### WORK INSTRUCTION
Your task is to reproduce exactly the lines that run from the beginning of the data through the line where "<desc>Du 0000-00-00 au 9999-01-01</desc>" appears.
DATA section start
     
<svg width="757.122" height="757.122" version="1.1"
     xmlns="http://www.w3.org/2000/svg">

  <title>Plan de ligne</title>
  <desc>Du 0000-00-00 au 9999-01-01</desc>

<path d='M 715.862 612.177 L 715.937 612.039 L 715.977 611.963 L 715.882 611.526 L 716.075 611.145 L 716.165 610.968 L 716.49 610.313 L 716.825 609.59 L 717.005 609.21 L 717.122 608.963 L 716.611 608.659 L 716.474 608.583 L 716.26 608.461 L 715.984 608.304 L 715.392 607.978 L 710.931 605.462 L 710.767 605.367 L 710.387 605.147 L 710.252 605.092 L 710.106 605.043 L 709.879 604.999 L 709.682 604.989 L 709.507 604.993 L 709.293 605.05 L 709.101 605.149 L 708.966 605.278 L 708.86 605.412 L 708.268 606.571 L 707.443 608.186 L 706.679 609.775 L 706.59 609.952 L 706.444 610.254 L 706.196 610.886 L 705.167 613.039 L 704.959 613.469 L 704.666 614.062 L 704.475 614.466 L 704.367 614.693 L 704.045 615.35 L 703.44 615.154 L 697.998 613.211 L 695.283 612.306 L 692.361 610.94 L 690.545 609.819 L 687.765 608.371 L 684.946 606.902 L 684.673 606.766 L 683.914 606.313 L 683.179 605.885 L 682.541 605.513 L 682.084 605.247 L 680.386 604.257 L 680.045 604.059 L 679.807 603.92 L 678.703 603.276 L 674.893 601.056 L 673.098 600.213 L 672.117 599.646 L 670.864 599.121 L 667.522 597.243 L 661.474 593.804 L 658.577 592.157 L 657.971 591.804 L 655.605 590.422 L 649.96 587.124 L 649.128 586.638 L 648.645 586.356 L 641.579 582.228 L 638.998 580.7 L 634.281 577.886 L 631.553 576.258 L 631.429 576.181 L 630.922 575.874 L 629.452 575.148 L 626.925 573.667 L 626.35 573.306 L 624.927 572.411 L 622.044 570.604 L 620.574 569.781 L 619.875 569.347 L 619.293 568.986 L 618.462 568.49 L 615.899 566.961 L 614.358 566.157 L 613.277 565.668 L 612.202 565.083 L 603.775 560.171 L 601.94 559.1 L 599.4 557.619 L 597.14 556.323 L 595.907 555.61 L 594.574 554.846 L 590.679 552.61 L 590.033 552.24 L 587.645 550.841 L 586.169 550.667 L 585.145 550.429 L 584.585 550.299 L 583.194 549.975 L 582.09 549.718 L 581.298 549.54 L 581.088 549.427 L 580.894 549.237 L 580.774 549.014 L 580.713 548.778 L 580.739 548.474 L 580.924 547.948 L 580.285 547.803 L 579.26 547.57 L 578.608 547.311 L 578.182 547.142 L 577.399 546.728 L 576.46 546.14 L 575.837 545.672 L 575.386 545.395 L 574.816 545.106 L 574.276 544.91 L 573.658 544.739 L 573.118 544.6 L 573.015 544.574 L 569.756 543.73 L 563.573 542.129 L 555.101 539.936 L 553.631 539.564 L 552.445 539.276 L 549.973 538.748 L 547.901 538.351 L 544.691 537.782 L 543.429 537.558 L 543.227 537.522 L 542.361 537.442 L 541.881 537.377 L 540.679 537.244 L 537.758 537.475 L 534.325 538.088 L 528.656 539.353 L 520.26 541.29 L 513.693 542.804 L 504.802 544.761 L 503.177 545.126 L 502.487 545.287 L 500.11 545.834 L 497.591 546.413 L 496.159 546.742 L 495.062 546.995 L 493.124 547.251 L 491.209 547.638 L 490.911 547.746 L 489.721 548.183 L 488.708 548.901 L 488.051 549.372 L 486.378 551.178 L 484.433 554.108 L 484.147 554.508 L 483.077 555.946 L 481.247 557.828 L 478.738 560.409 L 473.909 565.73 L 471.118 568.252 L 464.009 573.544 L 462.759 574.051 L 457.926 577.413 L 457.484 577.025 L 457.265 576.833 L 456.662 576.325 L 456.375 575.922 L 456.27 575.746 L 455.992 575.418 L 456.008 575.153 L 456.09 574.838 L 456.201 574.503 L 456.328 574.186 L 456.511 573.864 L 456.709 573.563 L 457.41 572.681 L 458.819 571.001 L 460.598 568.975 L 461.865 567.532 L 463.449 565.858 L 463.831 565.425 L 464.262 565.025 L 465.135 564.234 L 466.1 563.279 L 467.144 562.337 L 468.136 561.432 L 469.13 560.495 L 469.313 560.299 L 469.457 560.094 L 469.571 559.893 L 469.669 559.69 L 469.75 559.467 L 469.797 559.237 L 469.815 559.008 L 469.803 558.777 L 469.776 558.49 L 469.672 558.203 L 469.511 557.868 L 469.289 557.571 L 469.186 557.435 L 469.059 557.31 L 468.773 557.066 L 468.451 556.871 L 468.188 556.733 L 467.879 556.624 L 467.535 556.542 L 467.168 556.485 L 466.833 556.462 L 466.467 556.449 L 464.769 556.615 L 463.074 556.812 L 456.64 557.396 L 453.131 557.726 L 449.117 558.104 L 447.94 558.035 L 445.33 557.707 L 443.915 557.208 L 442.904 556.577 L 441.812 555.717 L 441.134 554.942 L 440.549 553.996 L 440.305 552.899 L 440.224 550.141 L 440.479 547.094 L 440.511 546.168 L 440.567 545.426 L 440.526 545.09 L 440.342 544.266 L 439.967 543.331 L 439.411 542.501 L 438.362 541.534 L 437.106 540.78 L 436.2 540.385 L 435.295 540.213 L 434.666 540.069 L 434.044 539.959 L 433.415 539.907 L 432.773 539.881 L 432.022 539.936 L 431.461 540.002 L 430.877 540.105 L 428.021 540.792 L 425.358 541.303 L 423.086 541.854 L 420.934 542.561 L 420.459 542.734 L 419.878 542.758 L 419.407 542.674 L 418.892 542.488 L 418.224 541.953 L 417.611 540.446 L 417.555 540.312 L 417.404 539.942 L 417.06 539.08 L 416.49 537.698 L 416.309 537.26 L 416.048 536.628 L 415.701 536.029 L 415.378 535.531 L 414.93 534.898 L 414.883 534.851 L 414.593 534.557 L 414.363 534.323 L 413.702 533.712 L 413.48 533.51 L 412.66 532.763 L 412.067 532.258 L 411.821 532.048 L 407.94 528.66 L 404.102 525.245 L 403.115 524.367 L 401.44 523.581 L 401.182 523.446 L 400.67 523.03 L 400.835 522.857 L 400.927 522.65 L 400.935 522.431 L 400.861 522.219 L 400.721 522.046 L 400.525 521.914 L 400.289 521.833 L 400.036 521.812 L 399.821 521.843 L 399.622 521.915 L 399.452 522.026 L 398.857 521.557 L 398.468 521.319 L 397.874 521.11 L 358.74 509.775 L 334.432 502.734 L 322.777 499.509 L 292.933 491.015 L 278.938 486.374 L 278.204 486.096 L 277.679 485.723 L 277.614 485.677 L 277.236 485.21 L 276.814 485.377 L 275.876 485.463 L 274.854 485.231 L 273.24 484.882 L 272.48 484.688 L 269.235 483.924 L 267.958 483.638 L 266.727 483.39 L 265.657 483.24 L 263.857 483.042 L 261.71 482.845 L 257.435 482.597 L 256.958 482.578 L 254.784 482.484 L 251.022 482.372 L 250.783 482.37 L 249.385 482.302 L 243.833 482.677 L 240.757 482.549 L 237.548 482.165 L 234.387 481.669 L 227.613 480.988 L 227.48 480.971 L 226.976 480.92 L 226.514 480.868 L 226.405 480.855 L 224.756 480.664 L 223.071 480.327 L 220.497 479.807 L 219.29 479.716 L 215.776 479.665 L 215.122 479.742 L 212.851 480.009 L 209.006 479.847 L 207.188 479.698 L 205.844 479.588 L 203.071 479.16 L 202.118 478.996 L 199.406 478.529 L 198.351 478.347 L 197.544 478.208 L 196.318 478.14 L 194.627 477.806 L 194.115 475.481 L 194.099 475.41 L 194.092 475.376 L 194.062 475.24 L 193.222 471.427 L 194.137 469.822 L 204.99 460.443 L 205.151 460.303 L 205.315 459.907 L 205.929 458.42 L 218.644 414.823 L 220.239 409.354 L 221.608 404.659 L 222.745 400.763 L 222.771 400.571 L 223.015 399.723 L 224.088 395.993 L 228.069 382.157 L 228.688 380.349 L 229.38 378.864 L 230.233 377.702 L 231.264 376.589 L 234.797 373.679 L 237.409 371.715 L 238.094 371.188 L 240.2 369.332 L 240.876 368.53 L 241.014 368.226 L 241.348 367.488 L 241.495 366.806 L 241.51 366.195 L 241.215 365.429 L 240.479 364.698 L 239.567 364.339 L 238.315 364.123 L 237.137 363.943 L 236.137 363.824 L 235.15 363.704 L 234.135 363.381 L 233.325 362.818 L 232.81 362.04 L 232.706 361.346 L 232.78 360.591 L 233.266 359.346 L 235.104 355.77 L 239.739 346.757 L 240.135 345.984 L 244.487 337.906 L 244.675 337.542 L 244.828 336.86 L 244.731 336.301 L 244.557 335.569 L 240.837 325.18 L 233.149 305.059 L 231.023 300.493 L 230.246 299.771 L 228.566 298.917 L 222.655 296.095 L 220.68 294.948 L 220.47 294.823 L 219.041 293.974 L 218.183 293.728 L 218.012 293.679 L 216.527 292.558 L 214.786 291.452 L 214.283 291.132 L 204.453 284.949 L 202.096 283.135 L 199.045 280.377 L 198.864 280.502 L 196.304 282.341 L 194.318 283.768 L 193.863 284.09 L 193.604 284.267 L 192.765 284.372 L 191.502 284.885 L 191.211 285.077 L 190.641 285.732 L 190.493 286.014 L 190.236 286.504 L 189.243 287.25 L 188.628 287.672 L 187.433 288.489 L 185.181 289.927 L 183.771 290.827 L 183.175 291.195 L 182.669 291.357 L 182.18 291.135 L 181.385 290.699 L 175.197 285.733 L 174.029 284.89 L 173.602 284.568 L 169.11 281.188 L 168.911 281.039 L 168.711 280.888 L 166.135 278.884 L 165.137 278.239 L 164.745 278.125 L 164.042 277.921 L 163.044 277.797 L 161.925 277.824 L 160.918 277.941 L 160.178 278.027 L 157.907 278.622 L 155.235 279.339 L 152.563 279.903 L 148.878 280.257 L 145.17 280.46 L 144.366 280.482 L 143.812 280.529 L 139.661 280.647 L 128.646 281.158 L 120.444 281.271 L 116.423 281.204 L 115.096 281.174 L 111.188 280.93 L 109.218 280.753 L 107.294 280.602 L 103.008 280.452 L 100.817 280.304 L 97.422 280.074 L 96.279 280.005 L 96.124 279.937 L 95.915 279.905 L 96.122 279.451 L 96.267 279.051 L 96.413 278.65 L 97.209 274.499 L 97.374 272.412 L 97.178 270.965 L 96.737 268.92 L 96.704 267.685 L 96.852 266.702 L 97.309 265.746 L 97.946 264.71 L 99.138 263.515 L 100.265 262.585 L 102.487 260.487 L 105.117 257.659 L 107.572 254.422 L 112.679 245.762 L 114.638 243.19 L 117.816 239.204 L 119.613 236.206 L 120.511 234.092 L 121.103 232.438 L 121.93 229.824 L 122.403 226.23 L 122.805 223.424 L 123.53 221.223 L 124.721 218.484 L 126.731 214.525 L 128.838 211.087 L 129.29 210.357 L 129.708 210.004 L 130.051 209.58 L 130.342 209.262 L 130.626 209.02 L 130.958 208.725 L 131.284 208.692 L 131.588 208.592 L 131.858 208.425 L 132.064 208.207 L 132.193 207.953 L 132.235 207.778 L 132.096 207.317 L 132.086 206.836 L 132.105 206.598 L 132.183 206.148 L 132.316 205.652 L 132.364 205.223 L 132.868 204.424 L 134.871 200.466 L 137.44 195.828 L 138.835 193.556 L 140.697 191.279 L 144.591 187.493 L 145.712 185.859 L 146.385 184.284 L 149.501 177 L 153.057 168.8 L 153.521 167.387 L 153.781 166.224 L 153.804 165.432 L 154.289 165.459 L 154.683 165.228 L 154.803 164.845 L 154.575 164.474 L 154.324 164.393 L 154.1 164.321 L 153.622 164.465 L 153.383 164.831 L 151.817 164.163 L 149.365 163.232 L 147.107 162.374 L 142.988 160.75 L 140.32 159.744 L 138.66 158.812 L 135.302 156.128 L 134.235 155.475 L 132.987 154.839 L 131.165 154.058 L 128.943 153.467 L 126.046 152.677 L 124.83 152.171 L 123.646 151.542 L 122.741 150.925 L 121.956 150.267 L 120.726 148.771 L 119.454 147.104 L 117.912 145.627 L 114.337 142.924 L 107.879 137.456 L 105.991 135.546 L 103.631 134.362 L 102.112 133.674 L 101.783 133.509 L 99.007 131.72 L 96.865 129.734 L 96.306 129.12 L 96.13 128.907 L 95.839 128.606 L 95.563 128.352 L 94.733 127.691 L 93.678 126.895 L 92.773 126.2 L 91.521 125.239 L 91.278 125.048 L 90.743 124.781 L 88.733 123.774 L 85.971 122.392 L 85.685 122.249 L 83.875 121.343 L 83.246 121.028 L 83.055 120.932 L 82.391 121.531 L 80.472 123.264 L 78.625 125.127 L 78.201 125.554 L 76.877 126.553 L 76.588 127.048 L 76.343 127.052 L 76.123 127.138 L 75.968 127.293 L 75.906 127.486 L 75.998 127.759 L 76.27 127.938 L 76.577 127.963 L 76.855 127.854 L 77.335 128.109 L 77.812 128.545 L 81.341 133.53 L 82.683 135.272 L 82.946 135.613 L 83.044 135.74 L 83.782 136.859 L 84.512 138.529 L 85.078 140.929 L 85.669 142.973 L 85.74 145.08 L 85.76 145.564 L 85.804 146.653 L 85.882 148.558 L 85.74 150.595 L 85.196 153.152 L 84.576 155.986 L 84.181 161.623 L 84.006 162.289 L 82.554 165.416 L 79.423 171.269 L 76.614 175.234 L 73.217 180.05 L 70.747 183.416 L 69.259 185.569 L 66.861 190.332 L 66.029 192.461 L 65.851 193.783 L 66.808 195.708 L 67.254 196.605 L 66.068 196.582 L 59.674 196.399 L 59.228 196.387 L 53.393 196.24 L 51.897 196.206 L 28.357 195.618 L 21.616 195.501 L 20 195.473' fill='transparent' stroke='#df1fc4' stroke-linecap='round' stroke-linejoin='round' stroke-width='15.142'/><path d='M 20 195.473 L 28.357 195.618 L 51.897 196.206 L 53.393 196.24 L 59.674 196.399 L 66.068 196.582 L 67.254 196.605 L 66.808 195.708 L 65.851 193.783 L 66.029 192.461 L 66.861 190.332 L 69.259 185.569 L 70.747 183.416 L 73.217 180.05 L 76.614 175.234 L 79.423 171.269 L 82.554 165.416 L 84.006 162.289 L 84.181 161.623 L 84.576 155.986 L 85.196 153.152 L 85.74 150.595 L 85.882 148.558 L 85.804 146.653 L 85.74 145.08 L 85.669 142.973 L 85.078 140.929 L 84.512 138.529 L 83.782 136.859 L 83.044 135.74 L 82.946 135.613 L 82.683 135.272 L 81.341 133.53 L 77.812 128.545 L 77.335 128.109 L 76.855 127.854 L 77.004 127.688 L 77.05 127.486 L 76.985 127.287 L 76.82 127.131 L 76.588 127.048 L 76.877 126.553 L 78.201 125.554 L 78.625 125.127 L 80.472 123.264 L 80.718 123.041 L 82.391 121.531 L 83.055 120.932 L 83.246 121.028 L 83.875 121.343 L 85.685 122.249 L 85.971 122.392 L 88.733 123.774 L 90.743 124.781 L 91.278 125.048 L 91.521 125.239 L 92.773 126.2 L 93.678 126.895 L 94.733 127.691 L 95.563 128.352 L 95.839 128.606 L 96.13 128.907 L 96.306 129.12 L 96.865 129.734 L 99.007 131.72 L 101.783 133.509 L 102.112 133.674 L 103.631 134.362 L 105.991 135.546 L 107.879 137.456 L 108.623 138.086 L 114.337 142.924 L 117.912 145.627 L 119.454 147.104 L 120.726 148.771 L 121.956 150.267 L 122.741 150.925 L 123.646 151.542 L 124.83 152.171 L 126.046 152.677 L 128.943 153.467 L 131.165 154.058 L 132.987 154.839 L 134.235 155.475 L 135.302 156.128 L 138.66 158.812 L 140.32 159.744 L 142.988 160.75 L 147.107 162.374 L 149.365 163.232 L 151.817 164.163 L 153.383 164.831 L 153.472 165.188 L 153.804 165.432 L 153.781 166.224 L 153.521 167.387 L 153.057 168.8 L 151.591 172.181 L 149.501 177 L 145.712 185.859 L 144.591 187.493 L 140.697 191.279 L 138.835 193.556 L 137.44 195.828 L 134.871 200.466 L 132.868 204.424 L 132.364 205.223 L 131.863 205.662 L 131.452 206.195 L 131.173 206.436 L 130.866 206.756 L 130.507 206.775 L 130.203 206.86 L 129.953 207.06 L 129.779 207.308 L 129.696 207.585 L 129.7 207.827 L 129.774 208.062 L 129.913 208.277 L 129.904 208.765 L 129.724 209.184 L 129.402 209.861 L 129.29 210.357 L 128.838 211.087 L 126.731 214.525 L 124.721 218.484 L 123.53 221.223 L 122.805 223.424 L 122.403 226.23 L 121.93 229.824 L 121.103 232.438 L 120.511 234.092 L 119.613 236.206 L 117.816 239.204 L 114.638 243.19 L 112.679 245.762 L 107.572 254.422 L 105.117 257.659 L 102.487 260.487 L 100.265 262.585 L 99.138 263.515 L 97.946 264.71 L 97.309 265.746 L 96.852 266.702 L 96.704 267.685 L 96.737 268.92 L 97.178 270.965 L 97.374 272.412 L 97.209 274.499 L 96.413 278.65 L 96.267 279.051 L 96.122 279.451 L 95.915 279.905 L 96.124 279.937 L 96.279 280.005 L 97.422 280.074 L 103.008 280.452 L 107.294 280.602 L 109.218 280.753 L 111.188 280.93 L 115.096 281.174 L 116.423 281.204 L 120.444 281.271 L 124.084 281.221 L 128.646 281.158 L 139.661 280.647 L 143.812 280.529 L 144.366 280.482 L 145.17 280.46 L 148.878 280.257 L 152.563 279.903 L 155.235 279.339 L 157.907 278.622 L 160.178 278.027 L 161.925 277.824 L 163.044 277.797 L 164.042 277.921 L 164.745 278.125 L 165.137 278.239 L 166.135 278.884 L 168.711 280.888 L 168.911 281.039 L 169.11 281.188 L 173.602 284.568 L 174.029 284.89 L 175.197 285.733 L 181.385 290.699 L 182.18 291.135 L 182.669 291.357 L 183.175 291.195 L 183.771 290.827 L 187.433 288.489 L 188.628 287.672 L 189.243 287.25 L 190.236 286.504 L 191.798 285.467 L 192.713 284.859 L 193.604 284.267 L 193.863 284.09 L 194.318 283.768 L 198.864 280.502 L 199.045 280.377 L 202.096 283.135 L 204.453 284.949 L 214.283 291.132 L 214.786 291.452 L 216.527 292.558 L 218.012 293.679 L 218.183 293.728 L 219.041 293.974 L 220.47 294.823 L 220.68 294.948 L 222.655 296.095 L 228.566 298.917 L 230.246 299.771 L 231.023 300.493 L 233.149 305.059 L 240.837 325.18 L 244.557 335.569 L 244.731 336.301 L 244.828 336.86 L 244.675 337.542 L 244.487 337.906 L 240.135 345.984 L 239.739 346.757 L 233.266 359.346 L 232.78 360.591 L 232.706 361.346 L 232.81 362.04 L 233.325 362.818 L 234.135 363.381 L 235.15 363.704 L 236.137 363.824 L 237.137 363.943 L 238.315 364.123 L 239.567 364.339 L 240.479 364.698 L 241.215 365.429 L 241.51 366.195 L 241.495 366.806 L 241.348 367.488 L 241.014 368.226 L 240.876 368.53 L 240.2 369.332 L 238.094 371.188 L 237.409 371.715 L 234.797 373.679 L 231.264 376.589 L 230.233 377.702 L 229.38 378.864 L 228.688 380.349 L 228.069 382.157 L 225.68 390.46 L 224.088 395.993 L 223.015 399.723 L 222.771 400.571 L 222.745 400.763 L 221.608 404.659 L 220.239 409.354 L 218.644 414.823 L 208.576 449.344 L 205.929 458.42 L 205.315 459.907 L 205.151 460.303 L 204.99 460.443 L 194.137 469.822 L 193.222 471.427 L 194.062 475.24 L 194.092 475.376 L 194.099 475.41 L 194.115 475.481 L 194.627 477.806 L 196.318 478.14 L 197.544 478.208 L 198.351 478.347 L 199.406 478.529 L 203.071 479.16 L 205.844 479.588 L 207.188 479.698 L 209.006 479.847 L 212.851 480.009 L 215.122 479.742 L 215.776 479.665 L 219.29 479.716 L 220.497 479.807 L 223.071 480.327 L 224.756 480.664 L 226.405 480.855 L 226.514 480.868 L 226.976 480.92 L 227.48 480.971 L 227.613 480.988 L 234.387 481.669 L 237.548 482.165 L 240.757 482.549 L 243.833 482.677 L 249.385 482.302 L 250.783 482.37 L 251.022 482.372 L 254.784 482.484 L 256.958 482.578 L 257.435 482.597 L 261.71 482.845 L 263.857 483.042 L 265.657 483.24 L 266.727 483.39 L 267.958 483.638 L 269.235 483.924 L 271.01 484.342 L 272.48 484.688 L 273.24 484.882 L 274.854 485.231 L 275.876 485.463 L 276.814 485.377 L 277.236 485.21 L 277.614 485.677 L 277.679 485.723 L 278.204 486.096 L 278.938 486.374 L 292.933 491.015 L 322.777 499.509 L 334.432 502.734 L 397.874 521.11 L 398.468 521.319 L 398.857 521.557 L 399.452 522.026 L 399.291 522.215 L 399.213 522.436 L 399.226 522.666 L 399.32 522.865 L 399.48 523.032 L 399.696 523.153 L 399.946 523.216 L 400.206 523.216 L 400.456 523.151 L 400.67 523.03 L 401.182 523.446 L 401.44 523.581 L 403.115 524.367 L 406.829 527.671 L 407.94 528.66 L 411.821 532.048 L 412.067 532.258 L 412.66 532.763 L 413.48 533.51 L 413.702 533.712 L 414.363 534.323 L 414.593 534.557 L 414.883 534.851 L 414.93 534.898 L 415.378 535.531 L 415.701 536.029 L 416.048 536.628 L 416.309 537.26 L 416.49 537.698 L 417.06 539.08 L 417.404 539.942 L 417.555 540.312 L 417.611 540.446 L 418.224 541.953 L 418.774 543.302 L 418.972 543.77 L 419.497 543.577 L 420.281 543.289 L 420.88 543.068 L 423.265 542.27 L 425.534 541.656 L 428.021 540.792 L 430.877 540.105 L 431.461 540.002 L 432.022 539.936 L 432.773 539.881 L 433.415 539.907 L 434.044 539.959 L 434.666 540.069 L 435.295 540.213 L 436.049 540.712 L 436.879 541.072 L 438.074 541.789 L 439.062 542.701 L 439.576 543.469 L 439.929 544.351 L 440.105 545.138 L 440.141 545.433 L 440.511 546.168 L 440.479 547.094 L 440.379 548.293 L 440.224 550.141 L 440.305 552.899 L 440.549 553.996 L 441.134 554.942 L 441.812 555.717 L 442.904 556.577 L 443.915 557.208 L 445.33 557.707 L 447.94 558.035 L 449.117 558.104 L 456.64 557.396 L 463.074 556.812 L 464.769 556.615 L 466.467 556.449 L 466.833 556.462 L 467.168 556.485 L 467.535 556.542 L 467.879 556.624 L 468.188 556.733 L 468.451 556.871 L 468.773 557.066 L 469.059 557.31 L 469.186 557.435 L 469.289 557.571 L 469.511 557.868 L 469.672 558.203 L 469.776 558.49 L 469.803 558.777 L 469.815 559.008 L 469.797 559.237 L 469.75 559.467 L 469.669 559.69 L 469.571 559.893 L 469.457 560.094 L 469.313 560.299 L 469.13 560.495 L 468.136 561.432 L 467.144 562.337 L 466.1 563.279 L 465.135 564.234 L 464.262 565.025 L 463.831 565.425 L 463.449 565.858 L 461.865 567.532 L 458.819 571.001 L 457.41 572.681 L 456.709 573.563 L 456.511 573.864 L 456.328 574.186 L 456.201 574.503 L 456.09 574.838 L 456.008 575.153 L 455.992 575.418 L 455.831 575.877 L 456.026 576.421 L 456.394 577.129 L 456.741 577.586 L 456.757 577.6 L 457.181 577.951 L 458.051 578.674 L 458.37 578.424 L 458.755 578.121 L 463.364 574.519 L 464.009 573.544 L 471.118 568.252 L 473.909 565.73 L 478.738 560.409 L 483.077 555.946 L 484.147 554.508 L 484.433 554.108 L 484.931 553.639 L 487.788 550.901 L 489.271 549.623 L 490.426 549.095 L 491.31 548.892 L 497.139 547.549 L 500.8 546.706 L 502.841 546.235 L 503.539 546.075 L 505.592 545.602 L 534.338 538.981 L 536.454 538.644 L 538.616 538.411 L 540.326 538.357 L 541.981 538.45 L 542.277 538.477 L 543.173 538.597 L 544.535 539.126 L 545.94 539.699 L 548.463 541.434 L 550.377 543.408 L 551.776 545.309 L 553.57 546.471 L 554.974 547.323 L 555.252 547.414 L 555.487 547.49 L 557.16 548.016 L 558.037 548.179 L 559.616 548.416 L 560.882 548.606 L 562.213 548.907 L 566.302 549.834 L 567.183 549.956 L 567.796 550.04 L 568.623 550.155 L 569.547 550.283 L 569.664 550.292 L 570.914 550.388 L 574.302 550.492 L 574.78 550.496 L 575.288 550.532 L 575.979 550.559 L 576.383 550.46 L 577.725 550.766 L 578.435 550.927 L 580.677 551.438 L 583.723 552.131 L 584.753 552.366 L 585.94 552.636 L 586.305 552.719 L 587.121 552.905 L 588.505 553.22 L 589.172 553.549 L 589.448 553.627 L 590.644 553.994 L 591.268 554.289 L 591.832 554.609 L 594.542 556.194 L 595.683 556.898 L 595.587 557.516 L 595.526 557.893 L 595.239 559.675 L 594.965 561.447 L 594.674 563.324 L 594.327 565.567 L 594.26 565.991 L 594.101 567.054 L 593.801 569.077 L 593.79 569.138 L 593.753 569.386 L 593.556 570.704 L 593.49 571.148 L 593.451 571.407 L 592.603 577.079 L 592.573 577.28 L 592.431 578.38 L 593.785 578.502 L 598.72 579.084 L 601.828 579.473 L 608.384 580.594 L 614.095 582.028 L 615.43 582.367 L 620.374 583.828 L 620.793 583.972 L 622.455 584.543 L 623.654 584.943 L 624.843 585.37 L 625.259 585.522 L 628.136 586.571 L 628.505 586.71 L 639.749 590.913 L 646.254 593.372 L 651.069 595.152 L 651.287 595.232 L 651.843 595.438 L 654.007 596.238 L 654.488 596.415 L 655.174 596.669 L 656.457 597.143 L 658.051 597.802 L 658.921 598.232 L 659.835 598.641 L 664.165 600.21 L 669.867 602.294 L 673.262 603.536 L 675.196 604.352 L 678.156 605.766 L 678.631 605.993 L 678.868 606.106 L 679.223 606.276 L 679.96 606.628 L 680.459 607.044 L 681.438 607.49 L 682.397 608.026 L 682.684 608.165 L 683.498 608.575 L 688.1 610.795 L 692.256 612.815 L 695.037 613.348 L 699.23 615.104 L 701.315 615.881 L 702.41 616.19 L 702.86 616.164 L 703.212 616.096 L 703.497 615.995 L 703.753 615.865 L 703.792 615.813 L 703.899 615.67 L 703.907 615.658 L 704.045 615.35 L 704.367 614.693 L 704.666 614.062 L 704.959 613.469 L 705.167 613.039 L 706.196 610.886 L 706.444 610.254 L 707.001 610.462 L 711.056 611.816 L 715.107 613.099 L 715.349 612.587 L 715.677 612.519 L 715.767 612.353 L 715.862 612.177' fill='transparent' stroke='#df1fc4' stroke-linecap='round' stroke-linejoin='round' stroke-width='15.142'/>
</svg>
DATA section end
### OUTPUT OF THE EXERCISE
<svg width="757.122" height="757.122" version="1.1"
     xmlns="http://www.w3.org/2000/svg">

  <title>Plan de ligne</title>
  <desc>Du 0000-00-00 au 9999-01-01</desc>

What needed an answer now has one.